Since the COVID-19 pandemic began, gun sales have sharply increased, an accompanying commentary pointed out. In March, Americans bought nearly two million guns, marking the second-highest monthly total since 1998, when the Federal Bureau of Investigation (FBI) began publishing such data.
“How will the current surge of gun purchases affect firearm-related violence?” wrote Chana A. Sacks, M.D., M.P.H., and Stephen J. Bartels, M.D., in their commentary. “With an additional 2 million guns now in households across the country at a time of widespread unemployment, social isolation, and acute national stress that is unprecedented in our lifetime, we urgently need to find out.”
Lead author David M. Studdert, LL.B., Sc.D., of the Stanford Law School and School of Medicine and colleagues tracked firearm ownership and mortality over 12 years (2004-2016) among 26.3 million adults in California. They used the California Statewide Voter Registration Database to form the cohort, as the database updates its information on registered voters in the state every year.
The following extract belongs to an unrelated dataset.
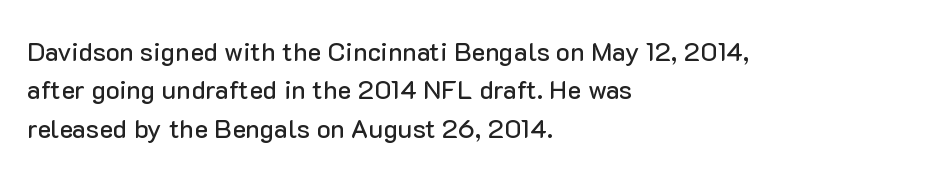
These lines keep a tight, regular rhythm from letter to letter. A student would call this left alignment; a typographer would say flush left, rag right. Descenders are the only things crossing below the line. Evenly set lines give the paragraph a standard silhouette. Ordinary non-slanted type is in use.

The researchers then used the California Department of Justice’s Dealer Record of Sale for details on which cohort members acquired handguns and when. Additionally, the California Death Statistical Master Files provided records of all deaths reported during the study period.
In total, 676,425 members of the cohort acquired one or more handguns during the study period, and 17,894 died of suicide, of which 6,691 were suicides by firearm. “Handgun owners had lower rates of all-cause mortality than nonowners but substantially higher rates of suicide,” the authors wrote.
The rate of suicide by firearm among handgun owners peaked immediately after the gun purchase (within 30 days) but remained relatively higher 12 years later. Fifty-two percent of all suicides by firearm among handgun owners occurred more than a year after acquisition of a gun.
Women accounted for only 16% of all suicides by firearm, but the rate of suicide by any method among female handgun owners was seven times higher compared with female nonowners. The corresponding suicide rate among male handgun owners was three times as high as that of nonowners.
The findings have several implications for clinical care and suicide prevention, wrote Sacks and Bartels in their commentary. Assessments of suicide risk should include questions about recent gun ownership and access to firearms, for example, and women, as well as men, should be questioned about gun ownership, they wrote.
“Fifty-nine people were killed in the mass shooting in Las Vegas in 2017, the deadliest in U.S. history. Approximately the same number die each day in the United States from suicide by firearm,” Studdert and colleagues concluded. “Many of these deaths are preventable.”